Um dos riscos que a depressão acarreta, devido ao enorme sofrimento que o doente vive, é o suicídio, em particular nos casos de perturbação bipolar, em que cerca de 20 por cento de quem sofre desta perturbação acaba por cometer suicídio (Gleitman, Fridlund & Reisberg, 2003).

Quase um milhão de vidas são perdidas devido a suicídios, o que significa cerca de 3000 de suicídios por dia. Por cada suicídio conseguido, há por dia, 20 ou mais tentativas frustradas (WHO, 2012).

É com Durkheim que surge o interesse e o primeiro estudo sobre o suicídio. Segundo a sua visão, o suicídio teria como causa a ausência e/ou o desregulamento de normas138, o que leva a um estado de desorganização pessoal. Só com a existência de limites nas normas sociais os indivíduos seriam felizes.

Segundo Émile Durkheim, as necessidades humanas, ao contrário do que acontece com os animais, têm uma capacidade de se prolongarem de forma infinita. Seria então esta inexistência de um limite natural aos desejos do Homem, a responsável pelo desejo de realização e satisfação. Este desejo uma vez incorporado na consciência social, legitimaria o comportamento dos indivíduos ao ditar as regras sociais (Durkheim, 2001).
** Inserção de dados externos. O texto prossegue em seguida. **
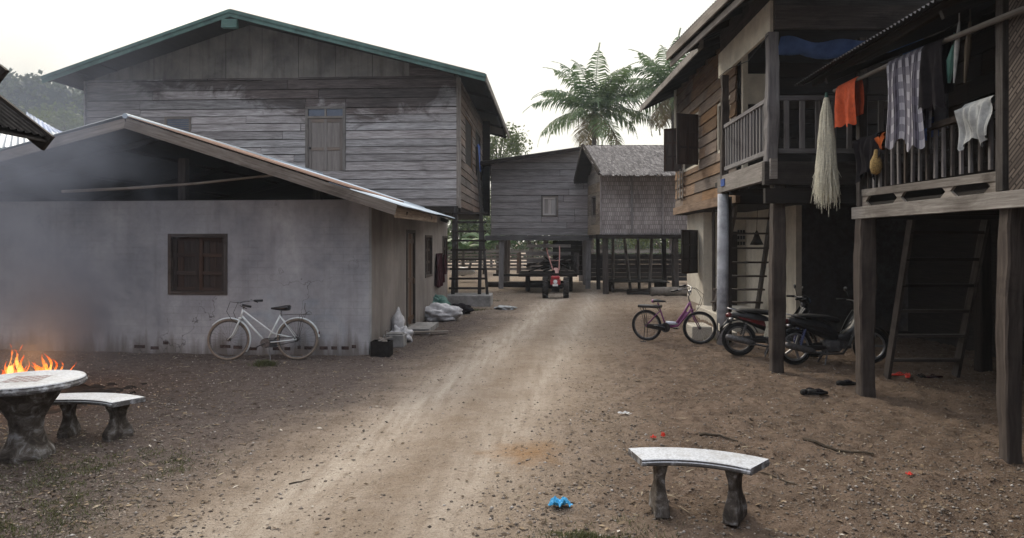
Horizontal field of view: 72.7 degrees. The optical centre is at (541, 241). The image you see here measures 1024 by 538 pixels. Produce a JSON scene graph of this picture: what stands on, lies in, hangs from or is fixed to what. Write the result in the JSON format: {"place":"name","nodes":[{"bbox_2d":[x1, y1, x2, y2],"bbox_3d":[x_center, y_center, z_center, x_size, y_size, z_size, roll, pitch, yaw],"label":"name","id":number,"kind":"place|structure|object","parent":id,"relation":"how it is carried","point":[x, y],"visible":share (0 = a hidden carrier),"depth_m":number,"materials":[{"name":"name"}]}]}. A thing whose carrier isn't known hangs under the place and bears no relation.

Em relação às queixas físicas, Kleinman (Helman, 2007) refere que muitas vezes estas queixas são uma forma de coping para lidar com a doença, pois é mais fácil e mais aceitável socialmente dizer “Tenho uma dor” do que “Sinto-me deprimido”.
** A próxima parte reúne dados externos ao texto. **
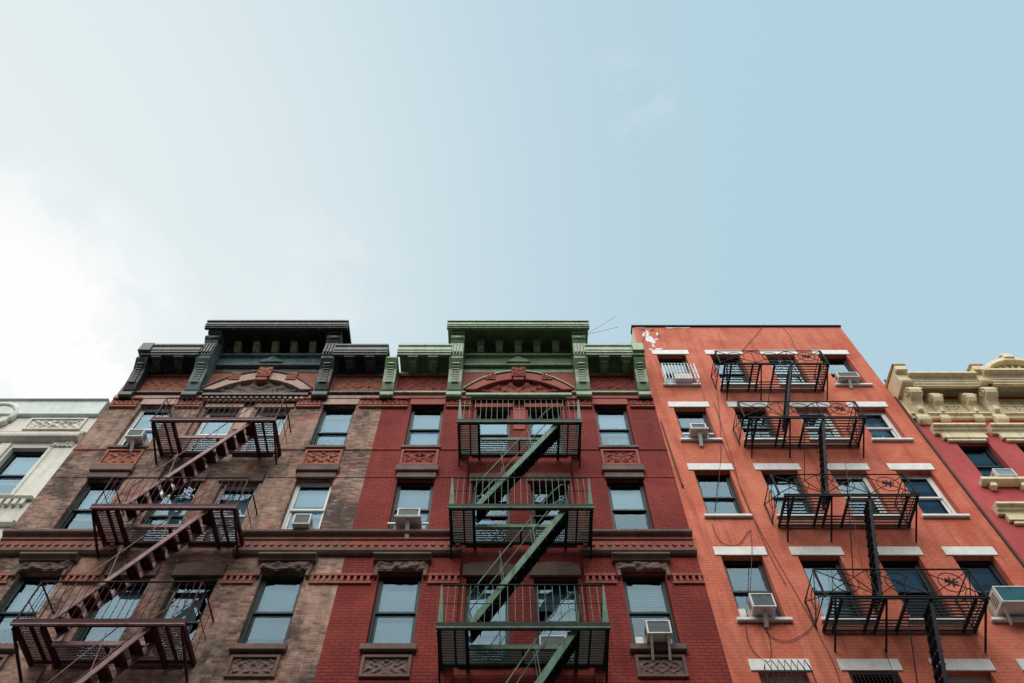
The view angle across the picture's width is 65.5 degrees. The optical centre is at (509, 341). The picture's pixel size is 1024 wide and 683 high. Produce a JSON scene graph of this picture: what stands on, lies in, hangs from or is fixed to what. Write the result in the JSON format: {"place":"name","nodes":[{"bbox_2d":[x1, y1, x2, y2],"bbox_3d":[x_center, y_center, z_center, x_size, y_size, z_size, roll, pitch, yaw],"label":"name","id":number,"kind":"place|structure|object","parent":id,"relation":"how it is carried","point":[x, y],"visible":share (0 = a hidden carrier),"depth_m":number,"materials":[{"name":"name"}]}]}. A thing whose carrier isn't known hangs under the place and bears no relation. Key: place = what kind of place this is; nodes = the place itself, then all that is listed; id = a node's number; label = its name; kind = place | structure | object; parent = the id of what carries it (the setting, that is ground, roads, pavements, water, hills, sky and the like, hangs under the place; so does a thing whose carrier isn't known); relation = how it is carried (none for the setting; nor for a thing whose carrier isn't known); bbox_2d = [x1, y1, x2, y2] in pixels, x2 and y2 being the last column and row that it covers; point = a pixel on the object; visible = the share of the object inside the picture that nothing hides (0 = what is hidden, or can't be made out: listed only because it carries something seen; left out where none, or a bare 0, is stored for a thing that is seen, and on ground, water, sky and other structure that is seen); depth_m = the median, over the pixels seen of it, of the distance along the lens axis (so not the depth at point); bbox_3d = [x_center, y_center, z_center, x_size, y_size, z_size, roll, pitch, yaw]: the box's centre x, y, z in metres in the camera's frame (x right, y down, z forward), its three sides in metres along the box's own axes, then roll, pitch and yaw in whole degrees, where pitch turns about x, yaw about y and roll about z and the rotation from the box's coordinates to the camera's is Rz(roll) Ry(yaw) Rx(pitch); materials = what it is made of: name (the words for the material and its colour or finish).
{"place":"outdoors","nodes":[
{"label":"outdoors","id":0,"kind":"place"},
{"bbox_2d":[0,0,1023,401],"label":"sky","id":1,"kind":"structure","parent":0,"point":[397,170],"materials":[{"name":"blue"}]},
{"bbox_2d":[845,461,861,564],"bbox_3d":[7.230,3.521,16.789,0.895,3.305,0.012,0,-61,0],"label":"cable","id":2,"kind":"object","parent":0,"point":[853,515],"visible":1,"depth_m":16.58,"materials":[{"name":"black rubber"}]},
{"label":"pavement","id":3,"kind":"structure","parent":0,"visible":0},
{"bbox_2d":[0,398,109,537],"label":"pale stone building","id":4,"kind":"structure","parent":3,"relation":"on","point":[40,439],"depth_m":20.61,"materials":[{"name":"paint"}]},
{"bbox_2d":[0,443,52,494],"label":"window","id":5,"kind":"structure","parent":4,"relation":"in","point":[15,473],"depth_m":20.11,"materials":[{"name":"glass"}]},
{"bbox_2d":[0,320,389,682],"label":"brown brick building","id":6,"kind":"structure","parent":3,"relation":"on","point":[271,590],"depth_m":18.67,"materials":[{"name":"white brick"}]},
{"bbox_2d":[0,577,60,629],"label":"window","id":7,"kind":"structure","parent":6,"relation":"in","point":[29,589],"depth_m":16.36,"materials":[{"name":"glass"}]},
{"bbox_2d":[57,483,122,528],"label":"window","id":8,"kind":"structure","parent":6,"relation":"in","point":[84,513],"depth_m":19.01,"materials":[{"name":"blue glass"}]},
{"bbox_2d":[69,583,147,650],"bbox_3d":[-7.970,5.689,15.895,0.920,2.120,0.267,0,-61,0],"label":"window","id":9,"kind":"structure","parent":6,"relation":"in","point":[96,633],"depth_m":16.19,"materials":[{"name":"glass"}]},
{"bbox_2d":[125,429,148,451],"bbox_3d":[-9.650,2.607,20.487,0.428,0.583,0.456,0,-61,0],"label":"air conditioner","id":10,"kind":"object","parent":6,"relation":"attached to","point":[133,437],"visible":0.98,"depth_m":20.46,"materials":[{"name":"white plastic"}]},
{"bbox_2d":[117,409,170,444],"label":"window","id":11,"kind":"structure","parent":6,"relation":"in","point":[146,424],"depth_m":21.95,"materials":[{"name":"glass"}]},
{"bbox_2d":[10,397,290,682],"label":"fire escape","id":12,"kind":"object","parent":6,"relation":"attached to","point":[121,659],"visible":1,"depth_m":16.34,"materials":[{"name":"red paint"}]},
{"bbox_2d":[179,487,194,498],"bbox_3d":[-7.593,3.587,18.729,0.238,0.368,0.153,-23,-63,12],"label":"striped shirt","id":13,"kind":"object","parent":12,"relation":"hanging from","point":[188,492],"visible":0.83,"depth_m":18.71,"materials":[{"name":"white fabric"}]},
{"bbox_2d":[135,487,198,537],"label":"window","id":14,"kind":"structure","parent":6,"relation":"in","point":[162,516],"depth_m":18.73,"materials":[{"name":"blue glass"}]},
{"bbox_2d":[150,582,216,650],"bbox_3d":[-6.560,5.689,15.895,0.920,2.120,0.267,0,-61,0],"label":"window","id":15,"kind":"structure","parent":6,"relation":"in","point":[186,594],"depth_m":16.46,"materials":[{"name":"glass"}]},
{"bbox_2d":[187,412,237,450],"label":"window","id":16,"kind":"structure","parent":6,"relation":"in","point":[211,427],"depth_m":21.75,"materials":[{"name":"glass"}]},
{"bbox_2d":[198,487,256,537],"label":"window","id":17,"kind":"structure","parent":6,"relation":"in","point":[249,498],"depth_m":19.25,"materials":[{"name":"glass"}]},
{"bbox_2d":[240,412,288,450],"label":"window","id":18,"kind":"structure","parent":6,"relation":"in","point":[280,426],"depth_m":21.96,"materials":[{"name":"glass"}]},
{"bbox_2d":[240,577,304,642],"bbox_3d":[-4.730,5.490,15.967,0.910,1.880,0.170,0,-61,0],"label":"window","id":19,"kind":"structure","parent":6,"relation":"in","point":[273,618],"depth_m":16.12,"materials":[{"name":"glass"}]},
{"bbox_2d":[286,514,313,528],"bbox_3d":[-4.768,4.146,17.848,0.664,0.364,0.494,0,-61,0],"label":"air conditioner","id":20,"kind":"object","parent":6,"relation":"attached to","point":[302,521],"visible":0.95,"depth_m":17.66,"materials":[{"name":"white plastic"}]},
{"bbox_2d":[281,483,332,528],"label":"window","id":21,"kind":"structure","parent":6,"relation":"in","point":[314,502],"depth_m":19.01,"materials":[{"name":"blue glass"}]},
{"bbox_2d":[311,409,354,444],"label":"window","id":22,"kind":"structure","parent":6,"relation":"in","point":[335,430],"depth_m":21.75,"materials":[{"name":"glass"}]},
{"bbox_2d":[314,320,732,682],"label":"red brick building","id":23,"kind":"structure","parent":3,"relation":"on","point":[642,564],"depth_m":18.22,"materials":[{"name":"brick"}]},
{"bbox_2d":[367,577,421,642],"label":"window","id":24,"kind":"structure","parent":23,"relation":"in","point":[394,617],"depth_m":16.03,"materials":[{"name":"glass"}]},
{"bbox_2d":[388,508,428,537],"bbox_3d":[-2.280,4.115,17.737,0.920,0.695,0.516,0,-61,0],"label":"air conditioner","id":25,"kind":"object","parent":23,"relation":"attached to","point":[407,518],"visible":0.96,"depth_m":17.76,"materials":[{"name":"white plastic"}]},
{"bbox_2d":[389,483,433,528],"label":"window","id":26,"kind":"structure","parent":23,"relation":"in","point":[422,499],"depth_m":19.07,"materials":[{"name":"glass"}]},
{"bbox_2d":[405,409,443,444],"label":"window","id":27,"kind":"structure","parent":23,"relation":"in","point":[422,429],"depth_m":21.59,"materials":[{"name":"glass"}]},
{"bbox_2d":[462,582,509,646],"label":"window","id":28,"kind":"structure","parent":23,"relation":"in","point":[487,637],"depth_m":16.10,"materials":[{"name":"glass"}]},
{"bbox_2d":[469,487,509,537],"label":"window","id":29,"kind":"structure","parent":23,"relation":"in","point":[487,520],"depth_m":18.67,"materials":[{"name":"glass"}]},
{"bbox_2d":[475,412,509,447],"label":"window","id":30,"kind":"structure","parent":23,"relation":"in","point":[485,430],"depth_m":21.71,"materials":[{"name":"glass"}]},
{"bbox_2d":[435,399,610,682],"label":"fire escape","id":31,"kind":"object","parent":23,"relation":"attached to","point":[553,661],"visible":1,"depth_m":16.38,"materials":[{"name":"green metal"}]},
{"bbox_2d":[528,412,563,447],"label":"window","id":32,"kind":"structure","parent":23,"relation":"in","point":[534,429],"depth_m":21.88,"materials":[{"name":"glass"}]},
{"bbox_2d":[531,487,572,537],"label":"window","id":33,"kind":"structure","parent":23,"relation":"in","point":[552,515],"depth_m":19.21,"materials":[{"name":"glass"}]},
{"bbox_2d":[539,635,565,644],"bbox_3d":[0.800,5.753,14.911,0.508,0.268,0.424,0,-61,0],"label":"air conditioner","id":34,"kind":"object","parent":23,"relation":"attached to","point":[554,639],"visible":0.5,"depth_m":14.85,"materials":[{"name":"white plastic"}]},
{"bbox_2d":[534,582,583,646],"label":"window","id":35,"kind":"structure","parent":23,"relation":"in","point":[548,610],"depth_m":16.38,"materials":[{"name":"glass"}]},
{"bbox_2d":[588,316,616,340],"bbox_3d":[3.232,0.398,26.241,1.162,5.383,0.020,0,-61,0],"label":"roof aerial","id":36,"kind":"object","parent":23,"relation":"on","point":[599,326],"visible":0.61,"depth_m":27.70,"materials":[{"name":"metal"}]},
{"bbox_2d":[594,409,633,444],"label":"window","id":37,"kind":"structure","parent":23,"relation":"in","point":[617,430],"depth_m":21.68,"materials":[{"name":"glass"}]},
{"bbox_2d":[607,483,652,528],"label":"window","id":38,"kind":"structure","parent":23,"relation":"in","point":[621,501],"depth_m":19.04,"materials":[{"name":"glass"}]},
{"bbox_2d":[622,577,678,642],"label":"window","id":39,"kind":"structure","parent":23,"relation":"in","point":[636,612],"depth_m":16.25,"materials":[{"name":"paint"}]},
{"bbox_2d":[635,620,671,659],"bbox_3d":[2.712,5.699,15.030,0.664,0.719,0.542,0,-61,0],"label":"air conditioner","id":40,"kind":"object","parent":23,"relation":"attached to","point":[657,631],"visible":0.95,"depth_m":15.00,"materials":[{"name":"white plastic"}]},
{"bbox_2d":[631,325,1023,682],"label":"orange building","id":41,"kind":"structure","parent":3,"relation":"on","point":[955,528],"depth_m":18.07,"materials":[{"name":"brick"}]},
{"bbox_2d":[635,327,689,349],"bbox_3d":[5.030,-0.111,25.505,1.911,1.537,0.004,0,-61,0],"label":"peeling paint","id":42,"kind":"object","parent":41,"relation":"attached to","point":[648,338],"depth_m":25.59,"materials":[{"name":"white paint"}]},
{"bbox_2d":[660,421,683,486],"bbox_3d":[4.105,2.811,20.242,0.109,2.741,0.038,0,-61,0],"label":"cable","id":43,"kind":"object","parent":41,"relation":"attached to","point":[671,454],"visible":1,"depth_m":20.13,"materials":[{"name":"black rubber"}]},
{"bbox_2d":[651,350,700,386],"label":"window","id":44,"kind":"structure","parent":41,"relation":"in","point":[669,383],"depth_m":24.33,"materials":[{"name":"paint"}]},
{"bbox_2d":[660,363,699,383],"bbox_3d":[4.970,0.979,23.320,0.972,0.870,0.305,0,-61,0],"label":"window guard","id":45,"kind":"object","parent":41,"relation":"attached to","point":[695,372],"visible":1,"depth_m":23.21,"materials":[{"name":"white paint"}]},
{"bbox_2d":[673,374,692,382],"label":"air conditioner","id":46,"kind":"object","parent":41,"relation":"attached to","point":[682,380],"visible":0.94,"depth_m":23.02,"materials":[{"name":"white plastic"}]},
{"bbox_2d":[668,402,722,441],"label":"window","id":47,"kind":"structure","parent":41,"relation":"in","point":[684,419],"depth_m":21.87,"materials":[{"name":"paint"}]},
{"bbox_2d":[682,423,713,445],"bbox_3d":[4.910,2.482,20.698,0.820,0.654,0.468,0,-61,0],"label":"air conditioner","id":48,"kind":"object","parent":41,"relation":"attached to","point":[700,431],"visible":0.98,"depth_m":20.71,"materials":[{"name":"white plastic"}]},
{"bbox_2d":[714,395,720,518],"bbox_3d":[5.267,2.745,20.381,1.290,5.335,0.013,0,-61,0],"label":"cable","id":49,"kind":"object","parent":41,"relation":"attached to","point":[720,458],"visible":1,"depth_m":19.91,"materials":[{"name":"black rubber"}]},
{"bbox_2d":[687,463,752,517],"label":"window","id":50,"kind":"structure","parent":41,"relation":"in","point":[728,506],"depth_m":19.16,"materials":[{"name":"glass"}]},
{"bbox_2d":[712,524,750,545],"bbox_3d":[4.980,4.273,17.656,0.851,0.720,0.014,0,-61,0],"label":"cable","id":51,"kind":"object","parent":41,"relation":"attached to","point":[731,545],"visible":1,"depth_m":17.49,"materials":[{"name":"black rubber"}]},
{"bbox_2d":[704,350,758,385],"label":"window","id":52,"kind":"structure","parent":41,"relation":"in","point":[708,352],"depth_m":24.33,"materials":[{"name":"paint"}]},
{"bbox_2d":[750,532,751,592],"bbox_3d":[5.086,4.671,16.866,0.508,1.884,0.015,0,-61,0],"label":"cable","id":53,"kind":"object","parent":41,"relation":"attached to","point":[751,566],"visible":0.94,"depth_m":16.72,"materials":[{"name":"black rubber"}]},
{"bbox_2d":[713,547,792,621],"bbox_3d":[4.975,5.056,16.480,1.130,2.060,0.325,0,-61,0],"label":"window","id":54,"kind":"structure","parent":41,"relation":"in","point":[739,575],"depth_m":16.78,"materials":[{"name":"glass"}]},
{"bbox_2d":[722,441,785,584],"bbox_3d":[5.593,3.783,18.530,0.168,4.990,0.012,0,-61,0],"label":"cable","id":55,"kind":"object","parent":41,"relation":"attached to","point":[753,518],"visible":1,"depth_m":18.00,"materials":[{"name":"black rubber"}]},
{"bbox_2d":[727,402,786,441],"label":"window","id":56,"kind":"structure","parent":41,"relation":"in","point":[730,404],"depth_m":21.78,"materials":[{"name":"paint"}]},
{"bbox_2d":[738,593,776,626],"bbox_3d":[4.902,5.356,15.675,0.604,0.659,0.510,0,-61,0],"label":"air conditioner","id":57,"kind":"object","parent":41,"relation":"attached to","point":[764,605],"visible":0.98,"depth_m":15.62,"materials":[{"name":"white plastic"}]},
{"bbox_2d":[745,621,770,661],"bbox_3d":[4.747,5.674,15.158,0.447,1.034,0.014,0,-61,0],"label":"cable","id":58,"kind":"object","parent":57,"relation":"hanging from","point":[750,645],"visible":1,"depth_m":15.08,"materials":[{"name":"black rubber"}]},
{"bbox_2d":[714,403,839,681],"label":"cable","id":59,"kind":"object","parent":41,"relation":"attached to","point":[776,559],"visible":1,"depth_m":16.85,"materials":[{"name":"black rubber"}]},
{"bbox_2d":[748,659,812,682],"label":"window","id":60,"kind":"structure","parent":41,"relation":"in","point":[755,664],"depth_m":14.63,"materials":[{"name":"white paint"}]},
{"bbox_2d":[757,597,816,641],"bbox_3d":[5.481,5.421,15.609,1.254,1.129,0.014,0,-61,0],"label":"cable","id":61,"kind":"object","parent":41,"relation":"attached to","point":[798,636],"visible":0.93,"depth_m":15.32,"materials":[{"name":"black rubber"}]},
{"bbox_2d":[759,351,814,385],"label":"window","id":62,"kind":"structure","parent":41,"relation":"in","point":[772,360],"depth_m":24.53,"materials":[{"name":"paint"}]},
{"bbox_2d":[753,463,823,517],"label":"window","id":63,"kind":"structure","parent":41,"relation":"in","point":[782,486],"depth_m":19.54,"materials":[{"name":"paint"}]},
{"bbox_2d":[764,659,816,682],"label":"window guard","id":64,"kind":"object","parent":41,"relation":"attached to","point":[791,670],"visible":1,"depth_m":14.40,"materials":[{"name":"black metal"}]},
{"bbox_2d":[789,402,849,441],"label":"window","id":65,"kind":"structure","parent":41,"relation":"in","point":[805,403],"depth_m":21.78,"materials":[{"name":"white paint"}]},
{"bbox_2d":[788,547,875,621],"bbox_3d":[6.630,5.129,16.521,1.140,2.060,0.493,0,-61,0],"label":"window","id":66,"kind":"structure","parent":41,"relation":"in","point":[826,582],"depth_m":16.95,"materials":[{"name":"glass"}]},
{"bbox_2d":[812,350,872,386],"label":"window","id":67,"kind":"structure","parent":41,"relation":"in","point":[836,365],"depth_m":24.32,"materials":[{"name":"paint"}]},
{"bbox_2d":[834,372,859,388],"bbox_3d":[9.810,1.187,23.085,0.628,0.542,0.392,0,-61,0],"label":"air conditioner","id":68,"kind":"object","parent":41,"relation":"attached to","point":[850,378],"visible":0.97,"depth_m":23.06,"materials":[{"name":"white plastic"}]},
{"bbox_2d":[711,350,989,682],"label":"fire escape","id":69,"kind":"object","parent":41,"relation":"attached to","point":[931,626],"visible":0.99,"depth_m":17.50,"materials":[{"name":"black metal"}]},
{"bbox_2d":[827,463,899,517],"bbox_3d":[8.330,3.615,19.049,1.140,1.990,0.325,0,-61,0],"label":"window","id":70,"kind":"structure","parent":41,"relation":"in","point":[830,466],"depth_m":19.41,"materials":[{"name":"glass"}]},
{"bbox_2d":[836,659,902,682],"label":"window","id":71,"kind":"structure","parent":41,"relation":"in","point":[844,664],"depth_m":14.63,"materials":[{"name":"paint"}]},
{"bbox_2d":[849,672,902,682],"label":"window guard","id":72,"kind":"object","parent":41,"relation":"attached to","point":[871,674],"visible":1,"depth_m":14.46,"materials":[{"name":"black metal"}]},
{"bbox_2d":[845,402,913,441],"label":"window","id":73,"kind":"structure","parent":41,"relation":"in","point":[879,433],"depth_m":21.68,"materials":[{"name":"white paint"}]},
{"bbox_2d":[884,648,895,682],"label":"cable","id":74,"kind":"object","parent":41,"relation":"attached to","point":[890,665],"visible":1,"depth_m":14.62,"materials":[{"name":"black rubber"}]},
{"bbox_2d":[867,547,964,621],"bbox_3d":[8.330,5.087,16.497,1.140,2.060,0.395,0,-61,0],"label":"window","id":75,"kind":"structure","parent":41,"relation":"in","point":[883,551],"depth_m":16.85,"materials":[{"name":"paint"}]},
{"bbox_2d":[886,463,969,517],"bbox_3d":[9.940,3.615,19.049,1.120,1.990,0.325,0,-61,0],"label":"window","id":76,"kind":"structure","parent":41,"relation":"in","point":[932,502],"depth_m":19.16,"materials":[{"name":"white paint"}]},
{"bbox_2d":[884,379,1023,566],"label":"cable","id":77,"kind":"object","parent":41,"relation":"attached to","point":[1019,559],"visible":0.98,"depth_m":19.00,"materials":[{"name":"black rubber"}]},
{"bbox_2d":[928,659,995,682],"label":"window","id":78,"kind":"structure","parent":41,"relation":"in","point":[951,664],"depth_m":14.62,"materials":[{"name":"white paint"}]},
{"bbox_2d":[941,547,1023,621],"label":"window","id":79,"kind":"structure","parent":41,"relation":"in","point":[985,572],"depth_m":16.98,"materials":[{"name":"paint"}]},
{"bbox_2d":[987,586,1023,624],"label":"air conditioner","id":80,"kind":"object","parent":41,"relation":"attached to","point":[1007,601],"visible":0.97,"depth_m":15.64,"materials":[{"name":"white plastic"}]},
{"bbox_2d":[1015,659,1023,670],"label":"window","id":81,"kind":"structure","parent":41,"relation":"in","point":[1020,662],"depth_m":14.69,"materials":[{"name":"white paint"}]},
{"bbox_2d":[885,354,1023,561],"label":"pink building","id":82,"kind":"structure","parent":3,"relation":"on","point":[970,422],"depth_m":21.28,"materials":[{"name":"paint"}]},
{"bbox_2d":[929,423,1023,489],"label":"window","id":83,"kind":"structure","parent":82,"relation":"in","point":[982,458],"depth_m":20.62,"materials":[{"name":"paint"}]},
{"bbox_2d":[990,468,1017,476],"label":"air conditioner","id":84,"kind":"object","parent":82,"relation":"on","point":[1003,472],"visible":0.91,"depth_m":19.27,"materials":[{"name":"white plastic"}]},
{"bbox_2d":[987,423,1023,451],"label":"window","id":85,"kind":"structure","parent":82,"relation":"in","point":[1008,432],"depth_m":20.90,"materials":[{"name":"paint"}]},
{"bbox_2d":[991,501,1023,525],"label":"window","id":86,"kind":"structure","parent":82,"relation":"in","point":[1012,511],"depth_m":18.18,"materials":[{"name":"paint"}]}
]}

Segundo algumas novas teorias são os indivíduos que aprendem, o que Martin Seligman139 chama de “learned helplessness”140 (Widlöcher, 2001, p. 154) pois o indivíduo acaba por acreditar que não tem poder sobre os acontecimentos, tornando-se “helpless”141. Na opinião de Seligman seria necessário passar por grandes e vários traumas para que a depressão se instalasse, assim a tristeza seria uma reação à própria incapacidade do indivíduo.

138

A que o autor chamou de anomia.

139

Antigo presidente da American Psychological Association (APA).

140

“Desamparao aprendido” (tradução da autora).